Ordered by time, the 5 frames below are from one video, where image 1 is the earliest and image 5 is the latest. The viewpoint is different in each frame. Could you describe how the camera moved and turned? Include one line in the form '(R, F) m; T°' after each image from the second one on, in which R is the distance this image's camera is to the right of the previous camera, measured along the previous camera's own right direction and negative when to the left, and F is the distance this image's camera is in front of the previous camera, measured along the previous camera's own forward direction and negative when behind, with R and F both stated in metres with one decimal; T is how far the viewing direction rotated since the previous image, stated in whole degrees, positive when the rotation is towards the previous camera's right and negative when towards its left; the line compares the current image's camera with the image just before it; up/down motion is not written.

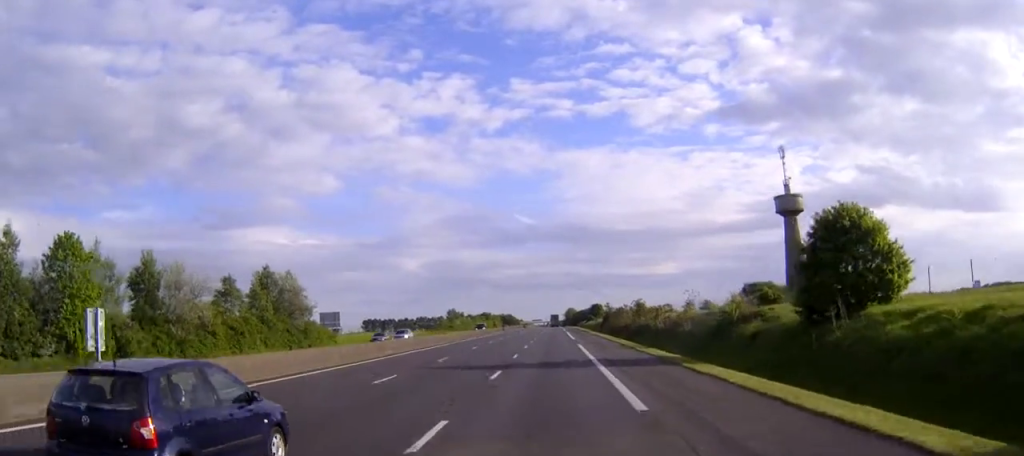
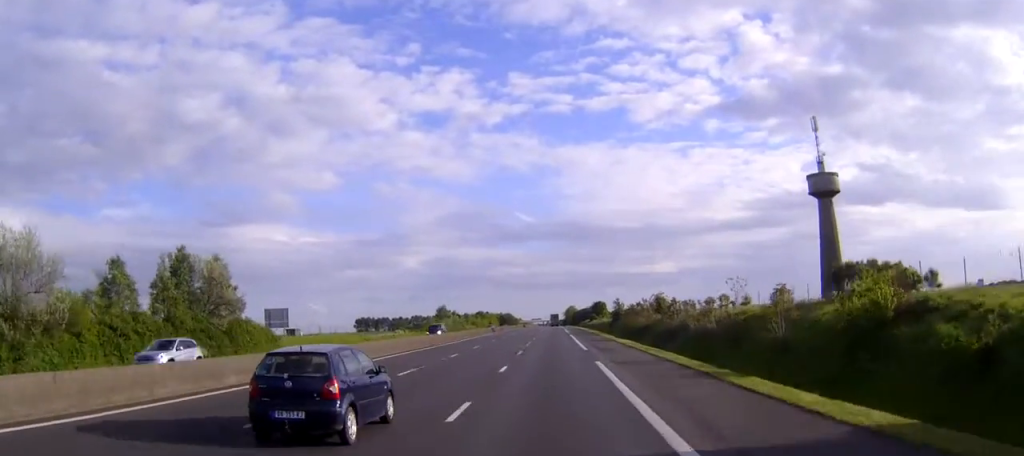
(0.0, +22.7) m; 0°
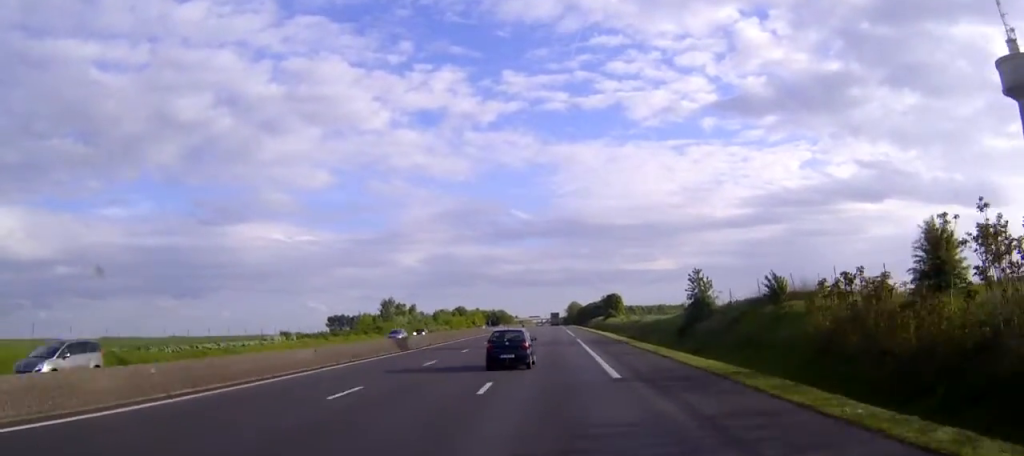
(-0.2, +73.9) m; 0°
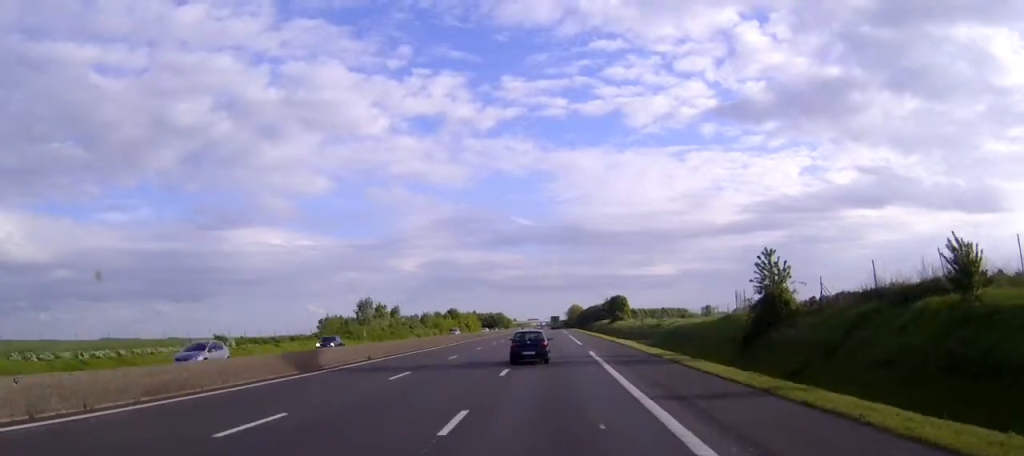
(0.0, +19.6) m; 0°
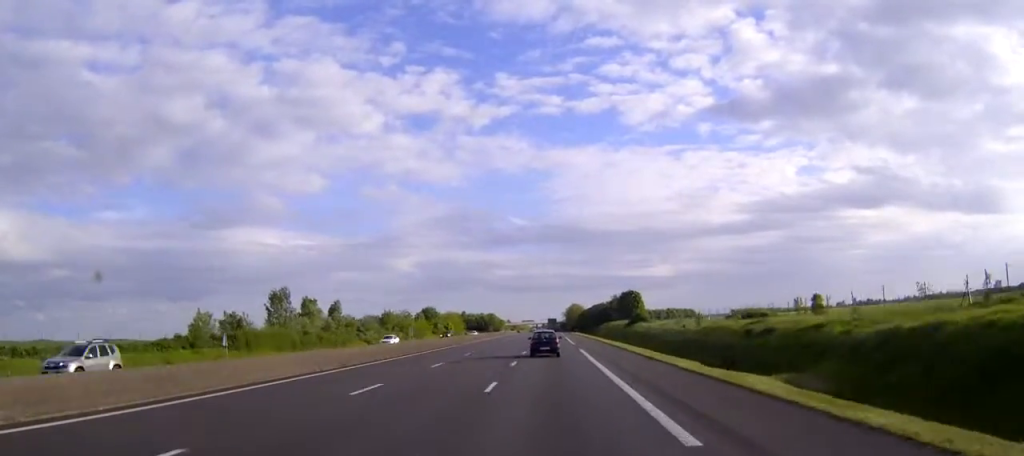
(+0.1, +43.9) m; 0°
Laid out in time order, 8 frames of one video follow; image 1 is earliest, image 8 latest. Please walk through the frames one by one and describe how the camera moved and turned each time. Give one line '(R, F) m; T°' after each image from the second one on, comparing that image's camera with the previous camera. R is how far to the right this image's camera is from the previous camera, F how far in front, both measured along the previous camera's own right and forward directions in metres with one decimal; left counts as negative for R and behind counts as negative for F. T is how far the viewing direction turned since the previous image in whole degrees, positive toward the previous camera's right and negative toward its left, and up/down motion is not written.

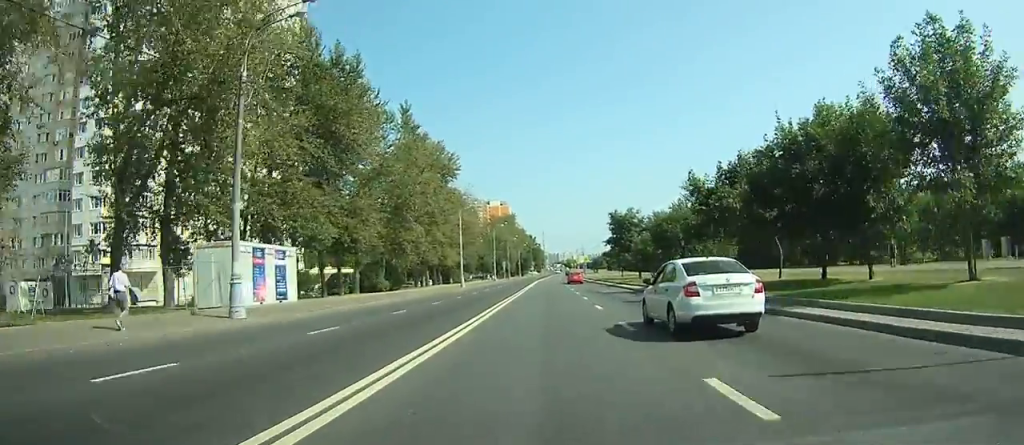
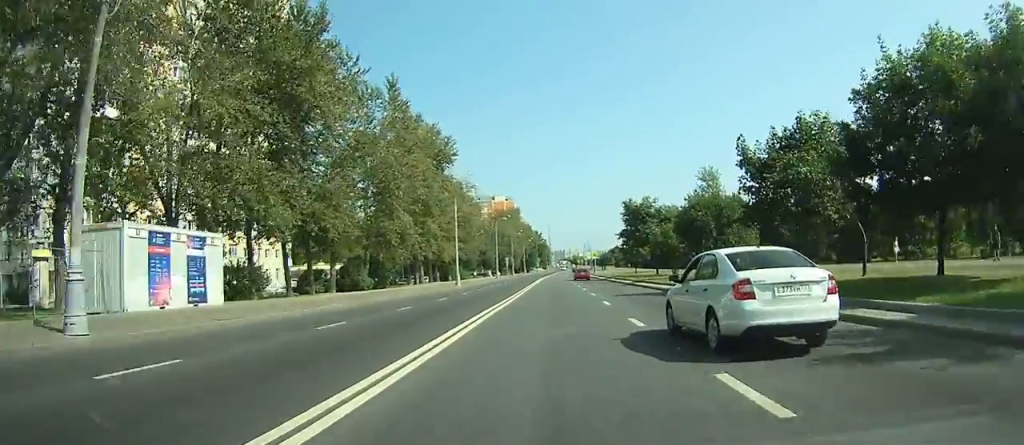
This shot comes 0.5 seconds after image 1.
(0.0, +8.0) m; 0°
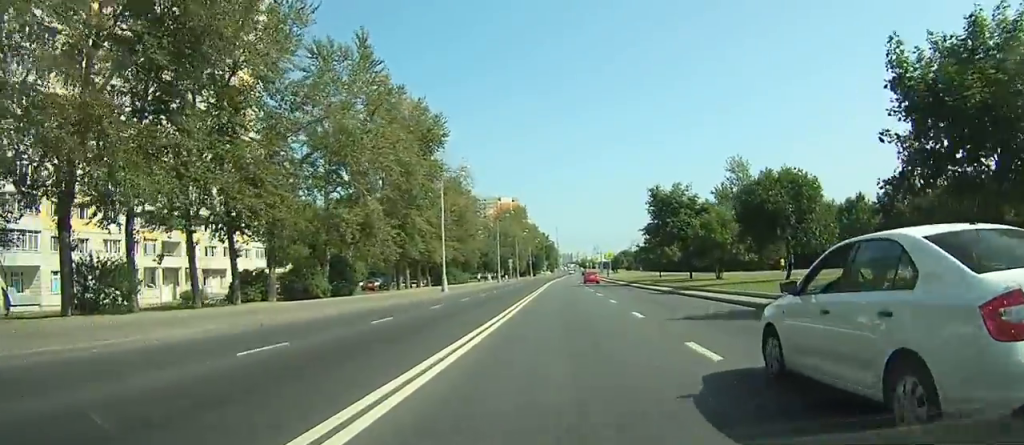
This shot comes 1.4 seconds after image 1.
(0.0, +12.5) m; 0°
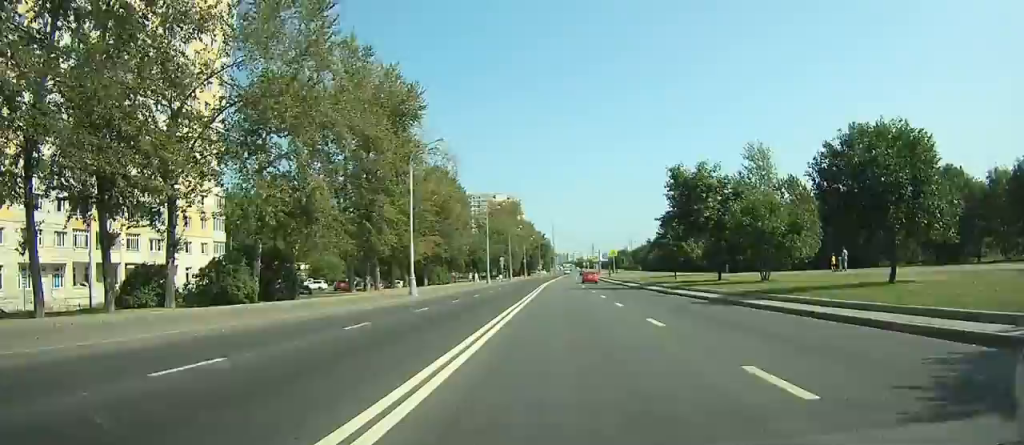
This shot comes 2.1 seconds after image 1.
(0.0, +10.5) m; 0°
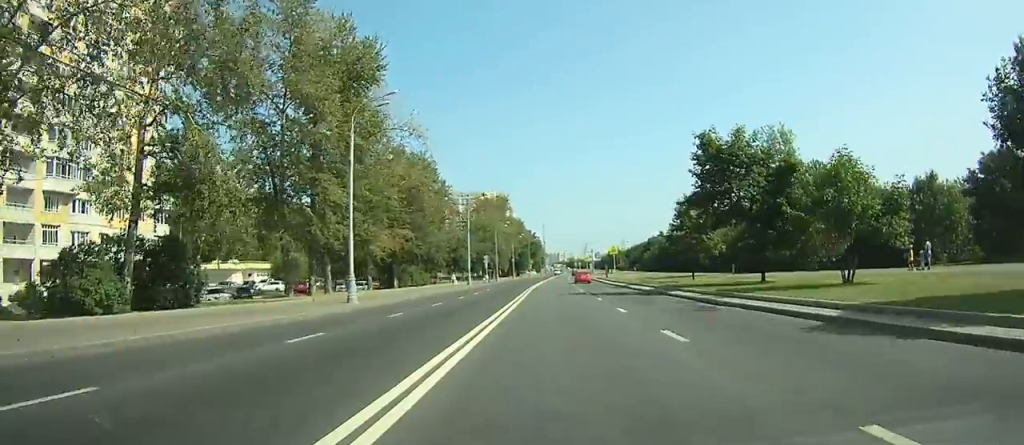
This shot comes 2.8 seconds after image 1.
(0.0, +11.0) m; 0°
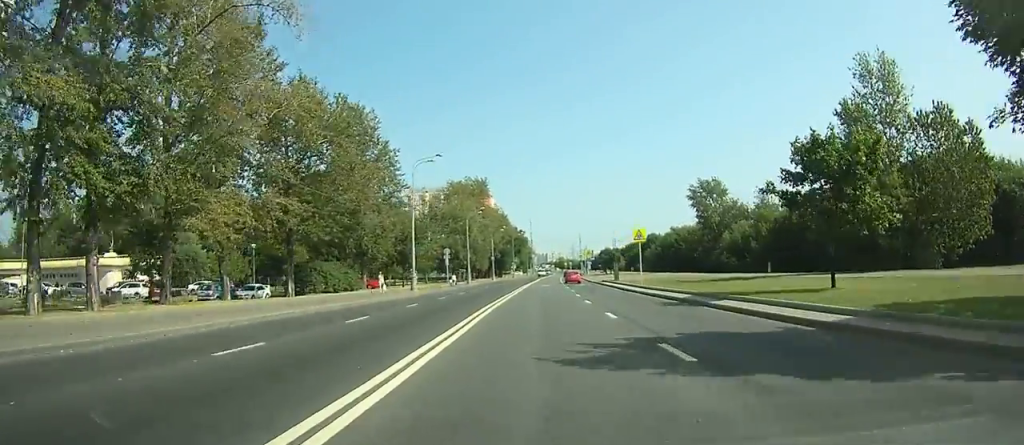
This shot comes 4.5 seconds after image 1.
(+0.2, +25.9) m; +2°
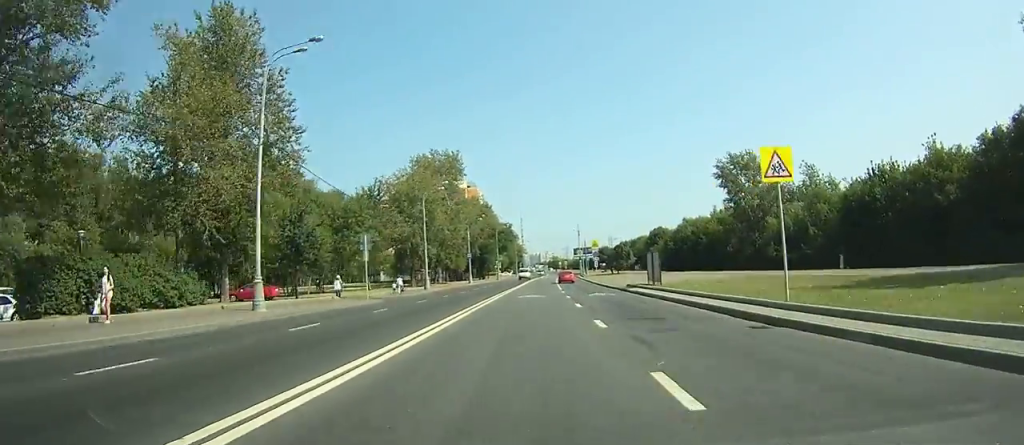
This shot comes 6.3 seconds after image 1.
(+0.6, +26.7) m; +2°
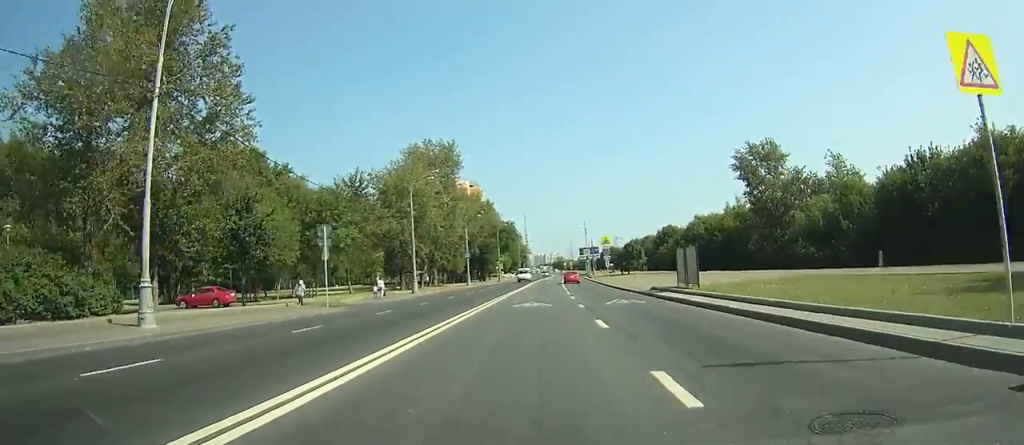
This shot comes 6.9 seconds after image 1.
(0.0, +7.9) m; 0°

________________________________________

* _Exercise directions_:
The expected result is the material restated word for word, minus any picture.

* _Finished task_:
Ordered by time, the 5 frames below are from one video, where image 1 is the earliest and image 5 is the latest. The viewpoint is different in each frame. Could you describe how the camera moved and turned? Include one line in the form '(R, F) m; T°' after each image from the second one on, in which R is the distance this image's camera is to the right of the previous camera, measured along the previous camera's own right direction and negative when to the left, and F is the distance this image's camera is in front of the previous camera, measured along the previous camera's own forward direction and negative when behind, with R and F both stated in metres with one decimal; T is how far the viewing direction rotated since the previous image, stated in whole degrees, positive when the rotation is towards the previous camera's right and negative when towards its left; the line compares the current image's camera with the image just before it; up/down motion is not written.

(0.0, +22.7) m; 0°
(-0.2, +73.9) m; 0°
(0.0, +19.6) m; 0°
(+0.1, +43.9) m; 0°
Laid out in time order, 8 frames of one video follow; image 1 is earliest, image 8 latest. Please walk through the frames one by one and describe how the camera moved and turned each time. Give one line '(R, F) m; T°' after each image from the second one on, comparing that image's camera with the previous camera. R is how far to the right this image's camera is from the previous camera, F how far in front, both measured along the previous camera's own right and forward directions in metres with one decimal; left counts as negative for R and behind counts as negative for F. T is how far the viewing direction turned since the previous image in whole degrees, positive toward the previous camera's right and negative toward its left, and up/down motion is not written.

This shot comes 0.5 seconds after image 1.
(0.0, +8.0) m; 0°
This shot comes 1.4 seconds after image 1.
(0.0, +12.5) m; 0°
This shot comes 2.1 seconds after image 1.
(0.0, +10.5) m; 0°
This shot comes 2.8 seconds after image 1.
(0.0, +11.0) m; 0°
This shot comes 4.5 seconds after image 1.
(+0.2, +25.9) m; +2°
This shot comes 6.3 seconds after image 1.
(+0.6, +26.7) m; +2°
This shot comes 6.9 seconds after image 1.
(0.0, +7.9) m; 0°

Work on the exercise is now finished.